Sep 092018
 

Third, this is not about creating long-term jobs, because pipelines take only a few people to operate and the oil industry is replacing people with technology everywhere it can. Neither is it about economic development: shipping raw material for processing in other countries is the model for colonies, not for fully developed economies.

So why is Rachel Notley throwing the country into political crisis?

The easy answer is that it improves her chances in next year’s election, but that glosses over this much deeper reality: Rachel Notley may be in office but the oil industry is in power. Wherever its interests are concerned the oil industry runs Alberta. To a lesser but significant degree the same thing applies in Ottawa.

Here is what I mean. Governments are made of many parts and in a healthy democracy these parts counterbalance one another. Opposition parties counterbalance governing parties; the courts counterbalance legislatures; regulators counterbalance industries, and so on.

Not so in Alberta, at least not when the interests of the oil industry are at stake. For decades the industry has spent millions of dollars targeting political parties on both sides of the legislature; civil servants; universities; think tanks; regulators; non-profit groups; the media; and more. The industry has formed a state within the state that I call “oil’s deep state.”

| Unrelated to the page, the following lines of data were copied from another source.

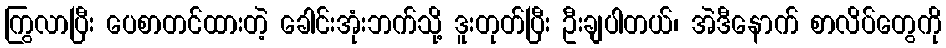
ကြွလာပြီး ပေစာတင်ထားတဲ့ ခေါင်းအုံးဘက်သို့ ဒူးတုတ်ပြီး ဦးချပါတယ်၊ အဲဒီနောက် စာလိပ်တွေကို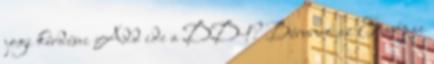
jogi kérdései Add ide a DD-t? Bérunió az Európai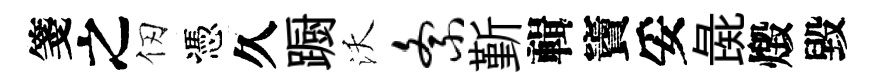
箋之仞憑久蹰沃紊斳輯竇妥彘燬毀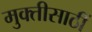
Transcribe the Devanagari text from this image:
मुक्तीसाठीं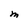
Character: M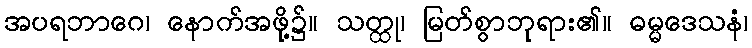
အပရဘာဂေ၊ နောက်အဖို့၌။ သတ္ထု၊ မြတ်စွာဘုရား၏။ ဓမ္မဒေသနံ၊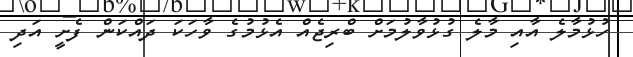
ހުޅުމާލެ އާއި މާލެ ގުޅުވާލުމަށް ބްރިޖެއް އެޅުމުގެ ވާހަކަ ދައްކަން ފެށީ އަދި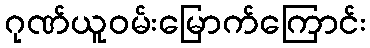
ဂုဏ်ယူဝမ်းမြောက်ကြောင်း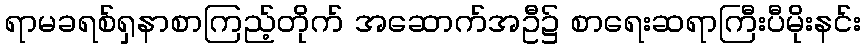
ရာမခရစ်ရှနာစာကြည့်တိုက် အဆောက်အဦ၌ စာရေးဆရာကြီးပီမိုးနင်း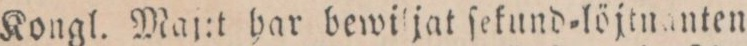
Kongl. Maj:t har bewi jat ſekund=löjtnanten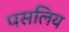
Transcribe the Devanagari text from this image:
पसलिय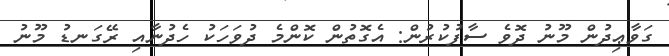
ގަވާޢިދުން މޫނު ދޮވެ ސާފުކުރުން: އެގޮތުން ކޮންމެ ދުވަހަކު ހެދުނާއި ރޭގަނޑު މޫނު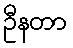
ဦနတာ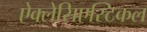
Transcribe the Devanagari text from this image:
ऐक्लेसिएस्टिकल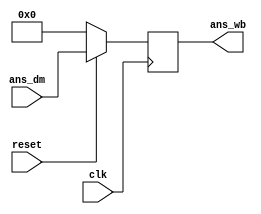
`timescale 1ns / 1ps
//////////////////////////////////////////////////////////////////////////////////
// Company: 
// Engineer: 
// 
// Design Name: 
// Module Name:    Write_Back_Block 
// Project Name: 
// Target Devices: 
// Tool versions: 
// Description: 
//
// Dependencies: 
//
// Revision: 
// Revision 0.01 - File Created
// Additional Comments: 
//
//////////////////////////////////////////////////////////////////////////////////
module Write_Back_Block(
    output reg [7:0] ans_wb,
    input [7:0] ans_dm,
    input clk,
    input reset
    );
	 
///////////////////////////////////////////////////////////////////////////////////Declarations/////////////////////////////////////////////////////////////////////////////////////////
	 wire[7:0] ans_wb_temp;
//////////////////////////////////////////////////////////////////////////////////////////////////////////////////////////////////////////////////////////////////////////////////////////////
	 
//////////////////////////////////////////////////////////////////////////////////Combinational Block//////////////////////////////////////////////////////////////////////////////////////////// 
	 assign ans_wb_temp = (reset == 1'b0) ? 8'b0000_0000 : ans_dm; // Value to be scanned at next clock edge
//////////////////////////////////////////////////////////////////////////////////////////////////////////////////////////////////////////////////////////////////////////////////////////////
	 
//////////////////////////////////////////////////////////////////////////////////Sequential Block//////////////////////////////////////////////////////////////////////////////////////
	always@(posedge clk)
	begin
		ans_wb <= ans_wb_temp;	// Scanning the value at positive clock edge
	end
//////////////////////////////////////////////////////////////////////////////////////////////////////////////////////////////////////////////////////////////////////////////////////////////
endmodule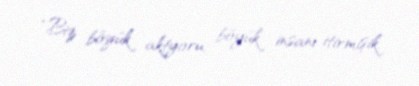
“Biz böyük aktyoru, böyük insanı itirmişik.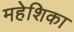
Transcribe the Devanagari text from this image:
महेशिका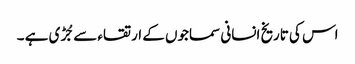
اس کی تاریخ انسانی سماجوں کے ارتقاء سے جُڑی ہے ۔
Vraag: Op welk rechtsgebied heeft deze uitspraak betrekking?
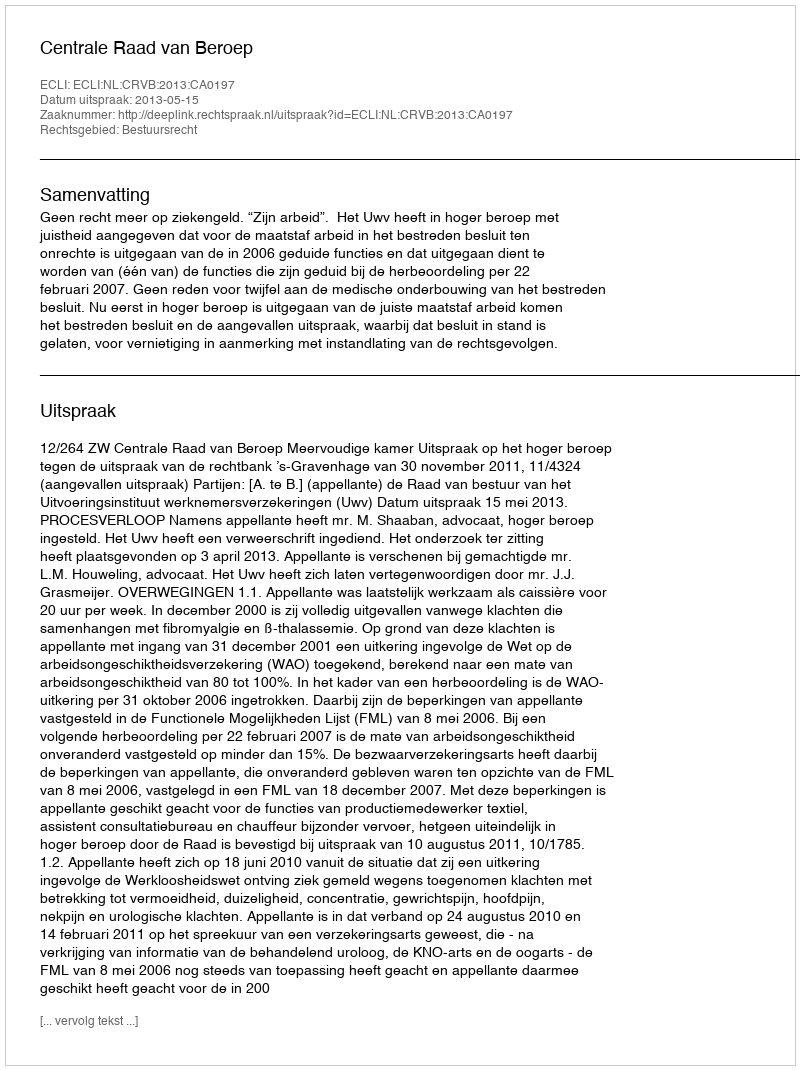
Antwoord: Bestuursrecht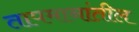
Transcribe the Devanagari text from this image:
तापमानांतील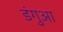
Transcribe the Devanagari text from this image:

The 2016 conviction of Bruce Carson on charges of illegal lobbying relating to the oil industry exposed how oil’s deep state operates. Carson had been a close adviser to prime minister Stephen Harper. Material seized by police and presented in court showed the oil industry’s sweeping strategies and remarkably close relations with political leaders, top federal and provincial civil servants, and universities. In her verdict, the judge found it was “especially egregious” that the public “had no knowledge of what was transpiring behind the scene with ministers, deputy ministers, and other very senior officials in government, both federal and provincial” as the oil industry worked to shape national energy policy to meet its private commercial interest.